将列表列表转换为元组列表

Question

I have got a list of lists:

[['AB', '132'], ['C D'], ['EFG'], ['HJ K', '2  1']]  

and i am trying to convert it into a list of tuples:

[('AB', '132'), ('C D', ''), ('EFG', ''), ('HJ K', '2  1')]

Answer 1

Exceedingly simple, just use a list comprehension to loop over the source list and convert each element to a tuple, by directly passing the items to the tuple builtin :

>>> example = [['AB', '132'], ['C D'], ['EFG'], ['HJ K', '2 1']]
>>> [tuple(i) for i in example]
[('AB', '132'), ('C D',), ('EFG',), ('HJ K', '2 1')]
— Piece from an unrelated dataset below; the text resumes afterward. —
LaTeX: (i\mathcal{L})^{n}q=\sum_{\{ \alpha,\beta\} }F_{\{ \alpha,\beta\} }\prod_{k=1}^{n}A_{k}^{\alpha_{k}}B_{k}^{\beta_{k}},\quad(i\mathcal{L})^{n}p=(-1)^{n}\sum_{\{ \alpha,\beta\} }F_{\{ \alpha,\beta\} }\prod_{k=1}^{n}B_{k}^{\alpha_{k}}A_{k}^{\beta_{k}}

Alternatively, if you like functional programming, use map instead:

>>> map(tuple, example)
[('AB', '132'), ('C D',), ('EFG',), ('HJ K', '2 1')]

Answer 2

list comprehension will convert each element of your list into a tuple:

data = [['AB', '132'], ['C D'], ['EFG'], ['HJ K', '2 1']]
[tuple(elem) for elem in data]

gives:

[('AB', '132'), ('C D',), ('EFG',), ('HJ K', '2 1')]

Answer 3

One possibility is to use map(tuple, l) :

In [1]: l=[['AB', '132'], ['C D'], ['EFG'], ['HJ K', '2  1']]  

In [2]: map(tuple, l)
Out[2]: [('AB', '132'), ('C D',), ('EFG',), ('HJ K', '2  1')]

The downside is that in Python 3, this would return an iterable instead of a list. If you have to have a list, this will need to be spelled out as list(map(tuple, l)) (this works in both Python 2 and 3).

Another approach that works in both Python 2 and 3 is to use a list comprehension:

[tuple(x) for x in l]